Righttime Medical Care Managing Mold Exposure

With the increase in rainy weather and flooding in the region, many homes, workplaces and even cars may have issues with mold. And if you’re sensitive to mold, its presence can lead to health problems that can masquerade as another condition like hay fever or a cold.

What are Molds?
Mold is a growth of fungus that is typically found in warm, moist conditions. They can live indoors and outdoors. Molds spread when their spores, tiny one-celled reproductive units too small to be seen by the naked eye, multiply.

Mold spores can become airborne – and when they land on a surface that is warm and wet, they grow. Mold appears as patches of black, brown, yellow, or green fuzzy growths. It often appears after some type of water intrusion like basement flooding from rain, a burst pipe or a leaky roof has occurred. According to the Environmental Protection Agency, mold growth can happen very quickly.

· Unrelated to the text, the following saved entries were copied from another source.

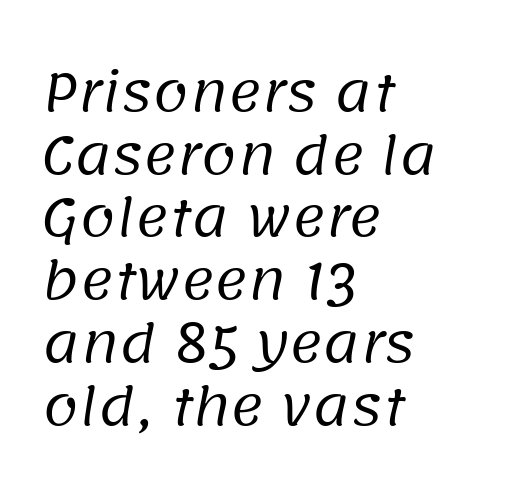
Q: Is the text bold? A: No.
Q: Is the typeface a serif or a sans-serif typeface? A: Sans-serif.
Q: Is the text underlined? A: No.
Q: How is the paragraph aligned? A: Left-aligned.
Q: Is the spacing between letters normal or unusually wide? A: Normal.
Q: Width (condensed, normal, or wide)? A: Normal.
Q: Stroke contrast? A: Low.
Q: x-height? A: Large.
Q: Monospaced? A: No.
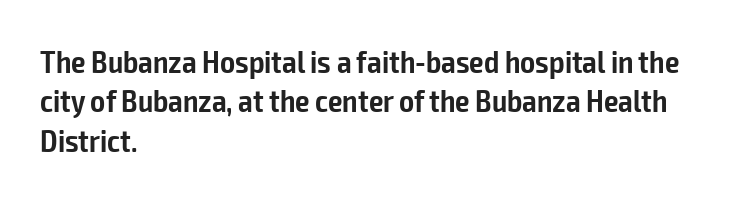
{"serif": "no", "italic": "no", "bold": "semi", "weight": "semibold", "width": "condensed", "stroke_contrast": "low", "x_height": "medium", "monospaced": "no", "underline": "no", "align": "left", "line_spacing_ratio": 1.23, "letter_spacing": "normal", "letter_spacing_em": 0.0, "glyph_px": 32}
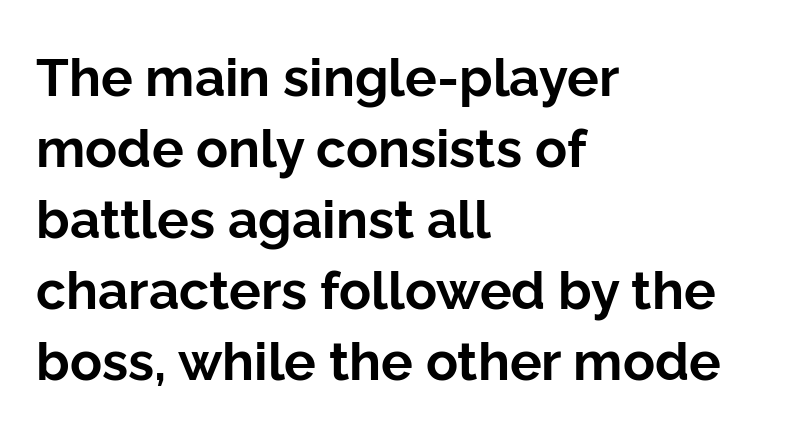
The image shows 53 px bold sans-serif type, upright; set left-aligned, normal line spacing (1.34x), normal letter spacing, not underlined; low stroke contrast and a medium x-height.

You may recall seeing mold as the black substance that grows in the grout on bathroom or shower stall tiles, or growing on clothes that have been packed away in a damp closet or basement.

Mold can also live in air ducts, on drywall, inside vents or underneath carpeting. You can find mold in appliances or on or inside furniture. Most recently, front-loading washers have been found to harbor mold around the door gaskets. Outdoors mold can be found on leaves, compost piles, and in wooded areas.

There are different types of mold but the common household types include:

  • Cladosporium 
  • Penicillium 
  • Alternaria
  • Aspergillus

Some molds produce a toxic substance known as mycotoxins, though mold is not poisonous or toxic on its own. It is believed that mycotoxins cause the body’s inflammatory processes to accelerate, resulting in a host of uncomfortable symptoms.

Infants, children, the elderly, and people with asthma, lung disease or compromised immune systems are most susceptible to mold allergies.

What Are the Symptoms of Mold Exposure?
Breathing in mold spores or having physical contact with mold growth can lead to symptoms that mimic an allergy attack or a cold such as

  • Itchy, watery eyes
  • Skin irritation
  • Irritated throat
  • Coughing
  • Wheezing

You may also experience nasal or sinus congestion, respiratory tract infections, and in rare cases, a nose bleed. Severe reactions can include shortness of breath, chest tightness, fatigue, dizziness or headaches.

How to Get Relief from Mold Exposure Symptoms
The best way to alleviate mold exposure symptoms is, of course, to eliminate the culprit. That will mean cleaning up the mold that might exist in your home or office – and plugging up any source of water intrusion.

The Centers for Disease Control and Prevention says mold growth can be removed from hard surfaces with commercial products, soap and water, or a bleach solution of no more than 1 cup of household laundry bleach in 1 gallon of water. (Follow the manufacturers’ instructions for use)

Additionally, it’s important to keep humidity levels low using an air conditioner or dehumidifier to remove moisture from the air. You can also use a HEPA air purifier can help remove mold spores from the air. The CDC also suggests avoiding using carpeting in bathrooms or basements, and remove or replace wet carpets and upholstery.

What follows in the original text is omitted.